### Problem statement
Copy out all lines from the material that contain the string "style".

────

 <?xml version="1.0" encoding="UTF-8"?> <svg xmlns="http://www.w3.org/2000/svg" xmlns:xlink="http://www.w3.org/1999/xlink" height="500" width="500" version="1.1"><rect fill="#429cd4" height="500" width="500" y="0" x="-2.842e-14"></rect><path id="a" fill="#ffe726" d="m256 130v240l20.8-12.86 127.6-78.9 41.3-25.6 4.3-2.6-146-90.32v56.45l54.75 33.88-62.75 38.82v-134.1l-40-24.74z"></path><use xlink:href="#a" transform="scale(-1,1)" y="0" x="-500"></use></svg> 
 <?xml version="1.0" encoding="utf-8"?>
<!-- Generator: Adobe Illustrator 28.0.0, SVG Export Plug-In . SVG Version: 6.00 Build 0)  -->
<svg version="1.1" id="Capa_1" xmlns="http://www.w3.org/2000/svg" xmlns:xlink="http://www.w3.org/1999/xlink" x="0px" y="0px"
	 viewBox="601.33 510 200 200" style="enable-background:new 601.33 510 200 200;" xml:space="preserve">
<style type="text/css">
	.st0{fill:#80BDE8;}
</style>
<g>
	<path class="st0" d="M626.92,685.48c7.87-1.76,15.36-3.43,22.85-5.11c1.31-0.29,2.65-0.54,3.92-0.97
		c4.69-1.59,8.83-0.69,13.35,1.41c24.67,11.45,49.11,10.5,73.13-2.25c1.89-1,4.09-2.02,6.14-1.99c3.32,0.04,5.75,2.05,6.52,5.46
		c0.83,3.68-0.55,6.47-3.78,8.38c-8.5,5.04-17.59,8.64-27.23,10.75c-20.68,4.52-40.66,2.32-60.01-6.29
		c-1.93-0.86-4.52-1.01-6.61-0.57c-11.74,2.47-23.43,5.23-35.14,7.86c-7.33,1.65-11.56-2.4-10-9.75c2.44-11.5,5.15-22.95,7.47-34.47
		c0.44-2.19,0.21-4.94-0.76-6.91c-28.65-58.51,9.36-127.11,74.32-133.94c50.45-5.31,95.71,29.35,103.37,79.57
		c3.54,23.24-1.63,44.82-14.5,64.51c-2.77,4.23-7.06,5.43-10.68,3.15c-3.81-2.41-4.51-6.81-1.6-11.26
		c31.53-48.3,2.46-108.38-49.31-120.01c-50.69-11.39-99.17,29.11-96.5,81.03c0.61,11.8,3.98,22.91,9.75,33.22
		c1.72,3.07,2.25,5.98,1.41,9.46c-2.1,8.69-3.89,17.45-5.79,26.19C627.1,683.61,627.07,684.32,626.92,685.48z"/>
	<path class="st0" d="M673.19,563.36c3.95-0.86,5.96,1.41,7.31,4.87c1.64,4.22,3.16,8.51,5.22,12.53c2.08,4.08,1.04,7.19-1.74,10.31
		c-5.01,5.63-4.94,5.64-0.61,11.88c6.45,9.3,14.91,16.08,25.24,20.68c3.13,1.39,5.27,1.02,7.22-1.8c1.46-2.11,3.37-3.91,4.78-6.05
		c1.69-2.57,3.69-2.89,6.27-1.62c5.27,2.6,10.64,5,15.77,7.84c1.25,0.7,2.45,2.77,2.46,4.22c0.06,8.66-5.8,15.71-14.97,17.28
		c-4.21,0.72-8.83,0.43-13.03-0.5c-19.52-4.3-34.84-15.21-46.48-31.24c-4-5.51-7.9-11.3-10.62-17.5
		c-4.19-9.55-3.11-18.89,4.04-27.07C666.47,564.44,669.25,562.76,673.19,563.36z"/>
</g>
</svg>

────

### Your response
	 viewBox="601.33 510 200 200" style="enable-background:new 601.33 510 200 200;" xml:space="preserve">
<style type="text/css">
</style>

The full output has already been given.